■ **What to do**:
Provide a verbatim copy of all the records below, leaving the images out.

■ **Data for processing**:
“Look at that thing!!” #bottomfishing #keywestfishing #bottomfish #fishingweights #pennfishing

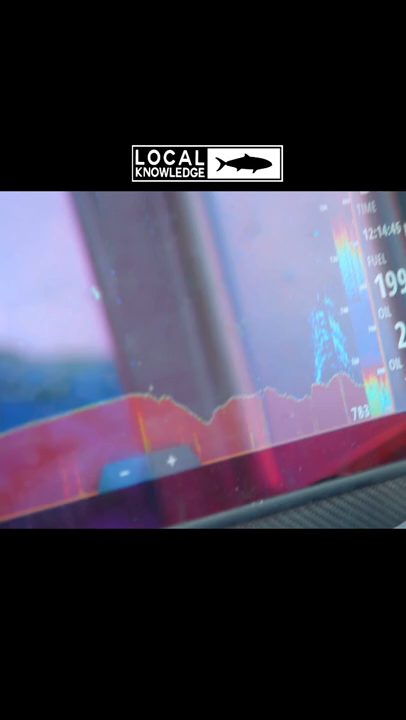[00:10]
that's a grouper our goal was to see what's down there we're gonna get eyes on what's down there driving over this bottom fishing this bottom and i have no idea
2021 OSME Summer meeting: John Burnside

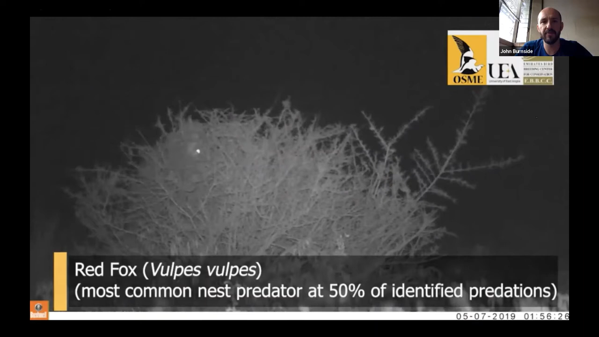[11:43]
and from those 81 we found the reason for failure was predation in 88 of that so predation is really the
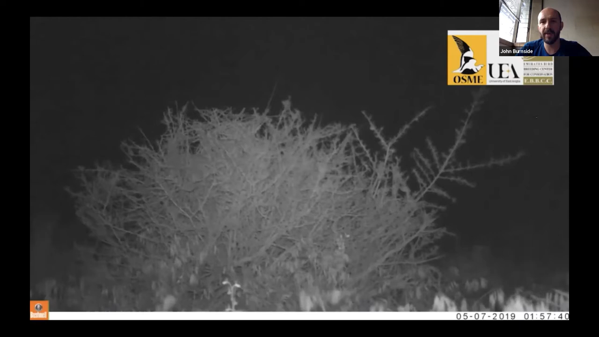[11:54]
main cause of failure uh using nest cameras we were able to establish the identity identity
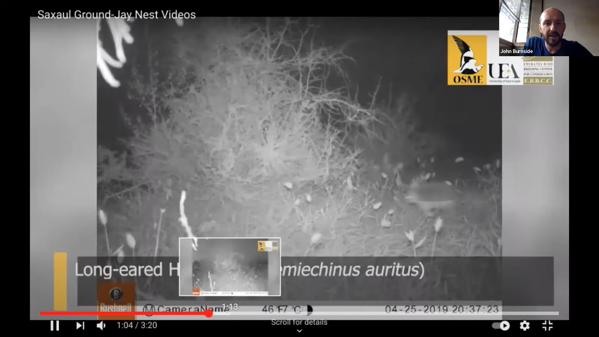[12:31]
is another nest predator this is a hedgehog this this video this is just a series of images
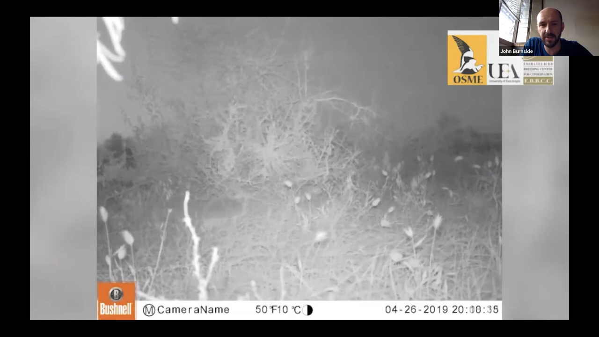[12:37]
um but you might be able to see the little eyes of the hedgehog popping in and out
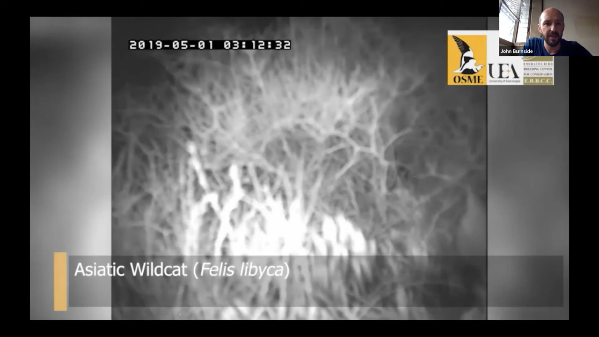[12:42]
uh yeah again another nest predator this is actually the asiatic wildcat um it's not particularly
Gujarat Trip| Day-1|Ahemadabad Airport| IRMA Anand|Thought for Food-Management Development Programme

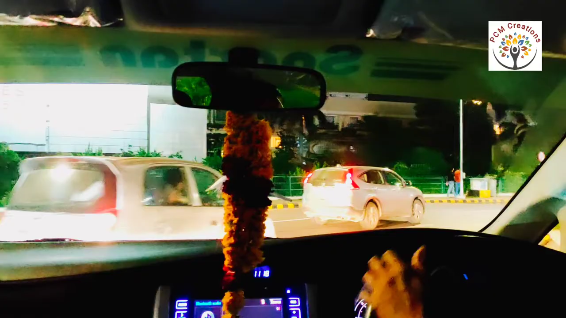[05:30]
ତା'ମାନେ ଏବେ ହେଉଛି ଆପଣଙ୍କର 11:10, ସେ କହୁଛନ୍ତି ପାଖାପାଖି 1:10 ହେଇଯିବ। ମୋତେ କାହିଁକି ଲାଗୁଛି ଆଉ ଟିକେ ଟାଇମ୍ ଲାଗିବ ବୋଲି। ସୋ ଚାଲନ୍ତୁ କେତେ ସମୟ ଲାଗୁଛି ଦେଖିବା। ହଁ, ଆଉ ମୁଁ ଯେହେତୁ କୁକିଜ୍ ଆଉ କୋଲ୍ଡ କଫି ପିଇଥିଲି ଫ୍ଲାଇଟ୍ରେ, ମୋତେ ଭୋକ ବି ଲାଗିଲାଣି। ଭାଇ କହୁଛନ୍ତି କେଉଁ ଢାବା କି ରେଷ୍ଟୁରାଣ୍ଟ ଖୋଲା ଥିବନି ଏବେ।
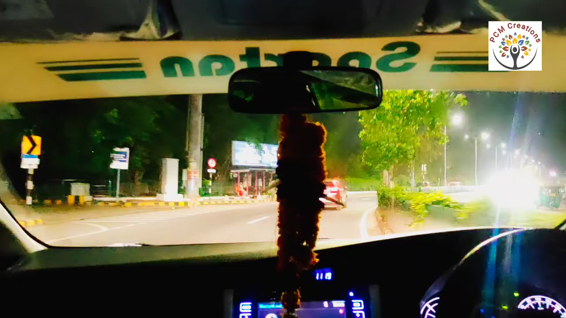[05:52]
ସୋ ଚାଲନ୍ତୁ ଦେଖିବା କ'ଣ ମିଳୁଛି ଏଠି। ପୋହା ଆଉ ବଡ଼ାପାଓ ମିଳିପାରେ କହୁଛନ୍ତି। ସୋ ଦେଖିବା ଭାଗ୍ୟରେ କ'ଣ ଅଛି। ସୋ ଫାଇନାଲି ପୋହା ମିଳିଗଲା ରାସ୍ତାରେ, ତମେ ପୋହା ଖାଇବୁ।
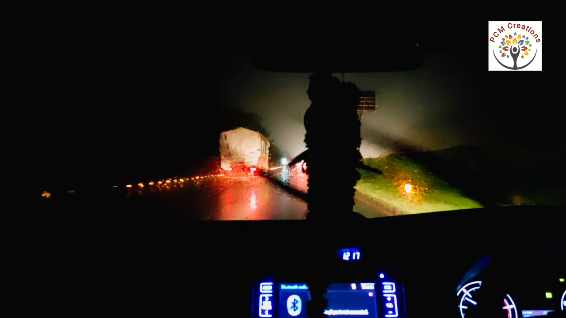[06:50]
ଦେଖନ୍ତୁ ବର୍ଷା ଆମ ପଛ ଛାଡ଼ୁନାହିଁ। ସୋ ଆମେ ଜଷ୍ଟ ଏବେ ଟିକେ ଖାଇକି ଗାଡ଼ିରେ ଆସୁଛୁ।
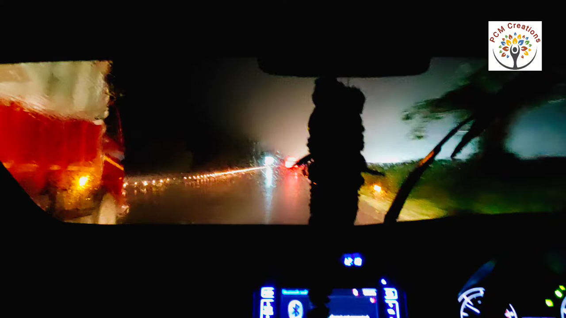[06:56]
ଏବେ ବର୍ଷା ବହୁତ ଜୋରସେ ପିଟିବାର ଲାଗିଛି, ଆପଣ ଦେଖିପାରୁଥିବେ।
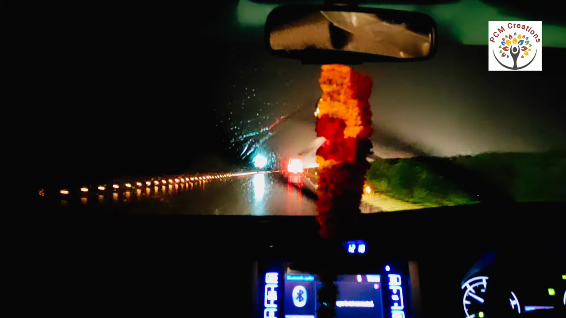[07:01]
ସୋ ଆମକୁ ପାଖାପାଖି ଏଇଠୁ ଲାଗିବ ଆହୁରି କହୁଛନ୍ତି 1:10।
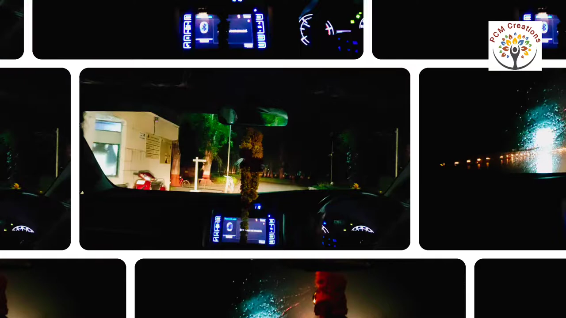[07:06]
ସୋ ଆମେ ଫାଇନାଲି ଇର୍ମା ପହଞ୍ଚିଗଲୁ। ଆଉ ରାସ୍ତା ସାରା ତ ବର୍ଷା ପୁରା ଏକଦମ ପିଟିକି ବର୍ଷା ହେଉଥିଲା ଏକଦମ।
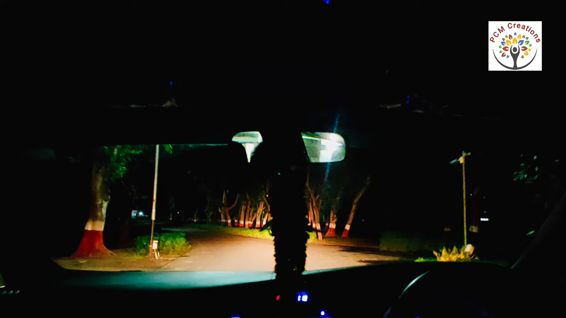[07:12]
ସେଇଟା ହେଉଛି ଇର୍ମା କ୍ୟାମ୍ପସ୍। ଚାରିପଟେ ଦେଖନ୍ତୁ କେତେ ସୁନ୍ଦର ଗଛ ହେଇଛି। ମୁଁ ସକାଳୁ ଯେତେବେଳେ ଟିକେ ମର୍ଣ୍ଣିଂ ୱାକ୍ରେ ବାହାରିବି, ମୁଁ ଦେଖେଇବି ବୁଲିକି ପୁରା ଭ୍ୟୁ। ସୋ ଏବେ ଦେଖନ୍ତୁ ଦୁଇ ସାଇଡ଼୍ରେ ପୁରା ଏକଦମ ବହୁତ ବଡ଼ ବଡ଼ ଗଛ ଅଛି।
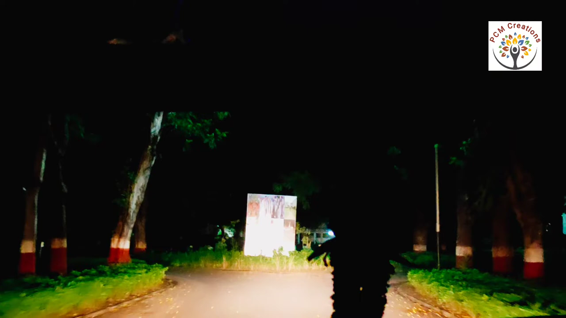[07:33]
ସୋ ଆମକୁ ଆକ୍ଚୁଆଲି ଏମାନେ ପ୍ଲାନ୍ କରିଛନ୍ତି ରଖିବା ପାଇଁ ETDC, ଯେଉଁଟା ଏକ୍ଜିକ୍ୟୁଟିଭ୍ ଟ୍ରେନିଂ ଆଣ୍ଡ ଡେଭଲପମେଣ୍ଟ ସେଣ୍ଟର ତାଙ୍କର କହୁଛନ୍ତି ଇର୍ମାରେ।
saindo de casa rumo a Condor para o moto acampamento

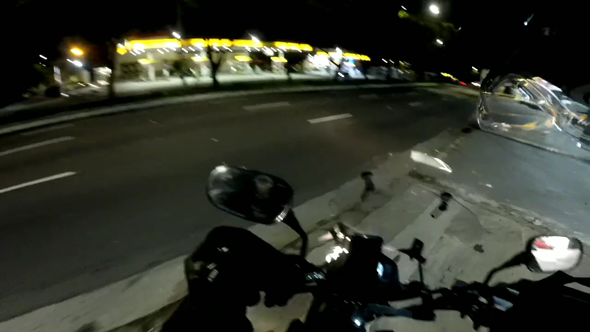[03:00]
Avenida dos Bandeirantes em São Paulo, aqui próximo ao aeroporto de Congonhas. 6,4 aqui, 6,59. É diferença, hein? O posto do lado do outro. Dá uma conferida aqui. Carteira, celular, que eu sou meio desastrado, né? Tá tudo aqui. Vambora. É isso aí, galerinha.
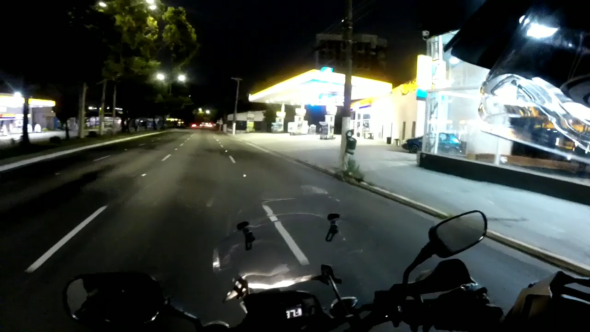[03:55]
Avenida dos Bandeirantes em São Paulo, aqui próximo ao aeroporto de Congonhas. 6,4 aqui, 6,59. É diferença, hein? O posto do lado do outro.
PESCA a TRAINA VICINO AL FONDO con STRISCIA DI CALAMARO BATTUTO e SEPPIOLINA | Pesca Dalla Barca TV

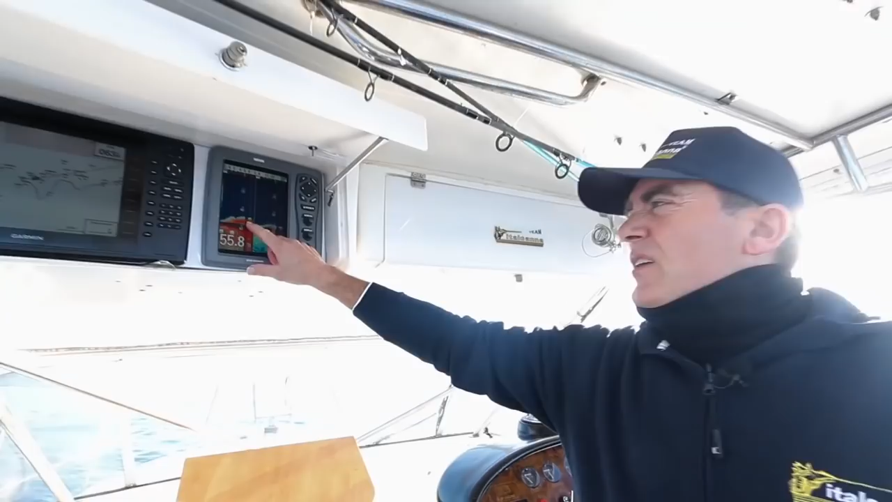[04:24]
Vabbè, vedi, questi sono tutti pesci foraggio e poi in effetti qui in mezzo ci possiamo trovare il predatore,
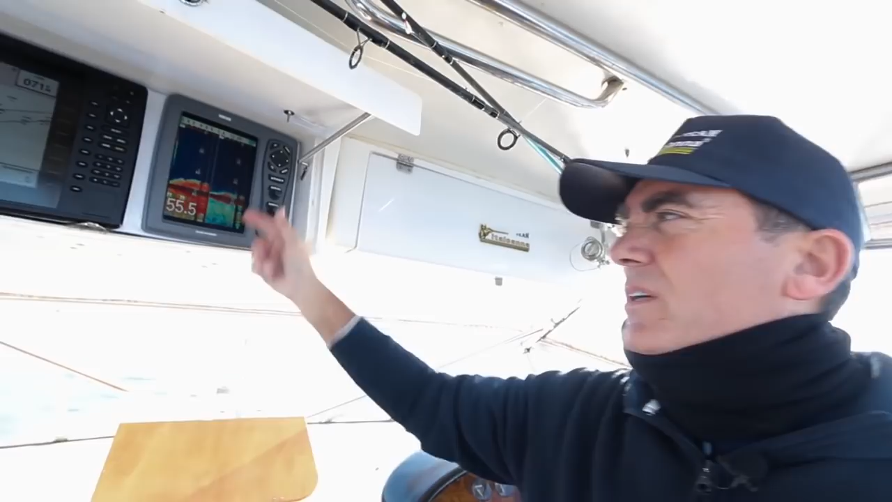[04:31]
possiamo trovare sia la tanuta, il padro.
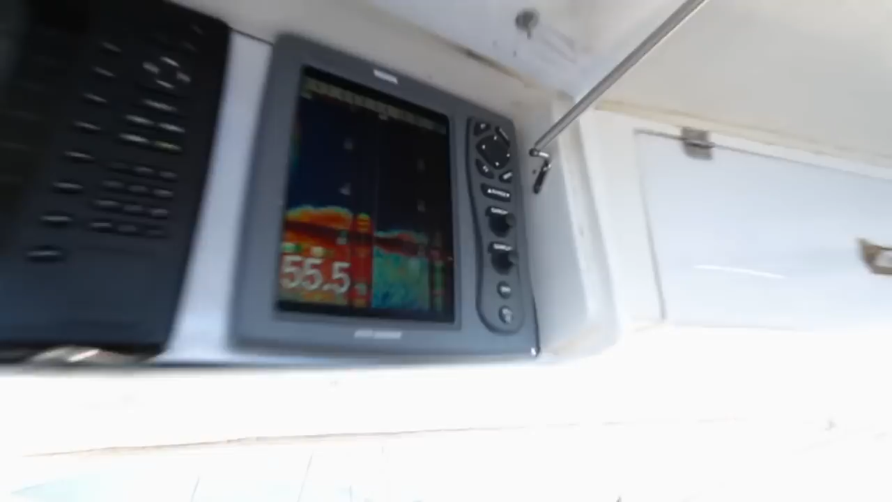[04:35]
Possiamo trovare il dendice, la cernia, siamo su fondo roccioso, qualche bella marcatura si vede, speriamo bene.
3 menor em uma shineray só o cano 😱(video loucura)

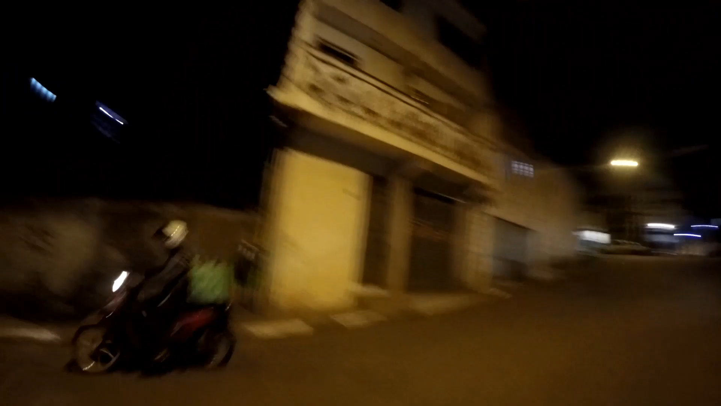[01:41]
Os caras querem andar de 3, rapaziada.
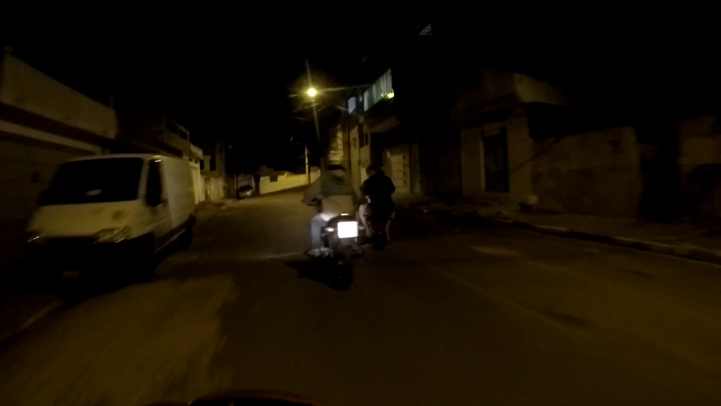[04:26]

■ **Response to this exercise**:
“Look at that thing!!” #bottomfishing #keywestfishing #bottomfish #fishingweights #pennfishing

[00:10]
that's a grouper our goal was to see what's down there we're gonna get eyes on what's down there driving over this bottom fishing this bottom and i have no idea
2021 OSME Summer meeting: John Burnside

[11:43]
and from those 81 we found the reason for failure was predation in 88 of that so predation is really the
[11:54]
main cause of failure uh using nest cameras we were able to establish the identity identity
[12:31]
is another nest predator this is a hedgehog this this video this is just a series of images
[12:37]
um but you might be able to see the little eyes of the hedgehog popping in and out
[12:42]
uh yeah again another nest predator this is actually the asiatic wildcat um it's not particularly
Gujarat Trip| Day-1|Ahemadabad Airport| IRMA Anand|Thought for Food-Management Development Programme

[05:30]
ତା'ମାନେ ଏବେ ହେଉଛି ଆପଣଙ୍କର 11:10, ସେ କହୁଛନ୍ତି ପାଖାପାଖି 1:10 ହେଇଯିବ। ମୋତେ କାହିଁକି ଲାଗୁଛି ଆଉ ଟିକେ ଟାଇମ୍ ଲାଗିବ ବୋଲି। ସୋ ଚାଲନ୍ତୁ କେତେ ସମୟ ଲାଗୁଛି ଦେଖିବା। ହଁ, ଆଉ ମୁଁ ଯେହେତୁ କୁକିଜ୍ ଆଉ କୋଲ୍ଡ କଫି ପିଇଥିଲି ଫ୍ଲାଇଟ୍ରେ, ମୋତେ ଭୋକ ବି ଲାଗିଲାଣି। ଭାଇ କହୁଛନ୍ତି କେଉଁ ଢାବା କି ରେଷ୍ଟୁରାଣ୍ଟ ଖୋଲା ଥିବନି ଏବେ।
[05:52]
ସୋ ଚାଲନ୍ତୁ ଦେଖିବା କ'ଣ ମିଳୁଛି ଏଠି। ପୋହା ଆଉ ବଡ଼ାପାଓ ମିଳିପାରେ କହୁଛନ୍ତି। ସୋ ଦେଖିବା ଭାଗ୍ୟରେ କ'ଣ ଅଛି। ସୋ ଫାଇନାଲି ପୋହା ମିଳିଗଲା ରାସ୍ତାରେ, ତମେ ପୋହା ଖାଇବୁ।
[06:50]
ଦେଖନ୍ତୁ ବର୍ଷା ଆମ ପଛ ଛାଡ଼ୁନାହିଁ। ସୋ ଆମେ ଜଷ୍ଟ ଏବେ ଟିକେ ଖାଇକି ଗାଡ଼ିରେ ଆସୁଛୁ।
[06:56]
ଏବେ ବର୍ଷା ବହୁତ ଜୋରସେ ପିଟିବାର ଲାଗିଛି, ଆପଣ ଦେଖିପାରୁଥିବେ।
[07:01]
ସୋ ଆମକୁ ପାଖାପାଖି ଏଇଠୁ ଲାଗିବ ଆହୁରି କହୁଛନ୍ତି 1:10।
[07:06]
ସୋ ଆମେ ଫାଇନାଲି ଇର୍ମା ପହଞ୍ଚିଗଲୁ। ଆଉ ରାସ୍ତା ସାରା ତ ବର୍ଷା ପୁରା ଏକଦମ ପିଟିକି ବର୍ଷା ହେଉଥିଲା ଏକଦମ।
[07:12]
ସେଇଟା ହେଉଛି ଇର୍ମା କ୍ୟାମ୍ପସ୍। ଚାରିପଟେ ଦେଖନ୍ତୁ କେତେ ସୁନ୍ଦର ଗଛ ହେଇଛି। ମୁଁ ସକାଳୁ ଯେତେବେଳେ ଟିକେ ମର୍ଣ୍ଣିଂ ୱାକ୍ରେ ବାହାରିବି, ମୁଁ ଦେଖେଇବି ବୁଲିକି ପୁରା ଭ୍ୟୁ। ସୋ ଏବେ ଦେଖନ୍ତୁ ଦୁଇ ସାଇଡ଼୍ରେ ପୁରା ଏକଦମ ବହୁତ ବଡ଼ ବଡ଼ ଗଛ ଅଛି।
[07:33]
ସୋ ଆମକୁ ଆକ୍ଚୁଆଲି ଏମାନେ ପ୍ଲାନ୍ କରିଛନ୍ତି ରଖିବା ପାଇଁ ETDC, ଯେଉଁଟା ଏକ୍ଜିକ୍ୟୁଟିଭ୍ ଟ୍ରେନିଂ ଆଣ୍ଡ ଡେଭଲପମେଣ୍ଟ ସେଣ୍ଟର ତାଙ୍କର କହୁଛନ୍ତି ଇର୍ମାରେ।
saindo de casa rumo a Condor para o moto acampamento

[03:00]
Avenida dos Bandeirantes em São Paulo, aqui próximo ao aeroporto de Congonhas. 6,4 aqui, 6,59. É diferença, hein? O posto do lado do outro. Dá uma conferida aqui. Carteira, celular, que eu sou meio desastrado, né? Tá tudo aqui. Vambora. É isso aí, galerinha.
[03:55]
Avenida dos Bandeirantes em São Paulo, aqui próximo ao aeroporto de Congonhas. 6,4 aqui, 6,59. É diferença, hein? O posto do lado do outro.
PESCA a TRAINA VICINO AL FONDO con STRISCIA DI CALAMARO BATTUTO e SEPPIOLINA | Pesca Dalla Barca TV

[04:24]
Vabbè, vedi, questi sono tutti pesci foraggio e poi in effetti qui in mezzo ci possiamo trovare il predatore,
[04:31]
possiamo trovare sia la tanuta, il padro.
[04:35]
Possiamo trovare il dendice, la cernia, siamo su fondo roccioso, qualche bella marcatura si vede, speriamo bene.
3 menor em uma shineray só o cano 😱(video loucura)

[01:41]
Os caras querem andar de 3, rapaziada.
[04:26]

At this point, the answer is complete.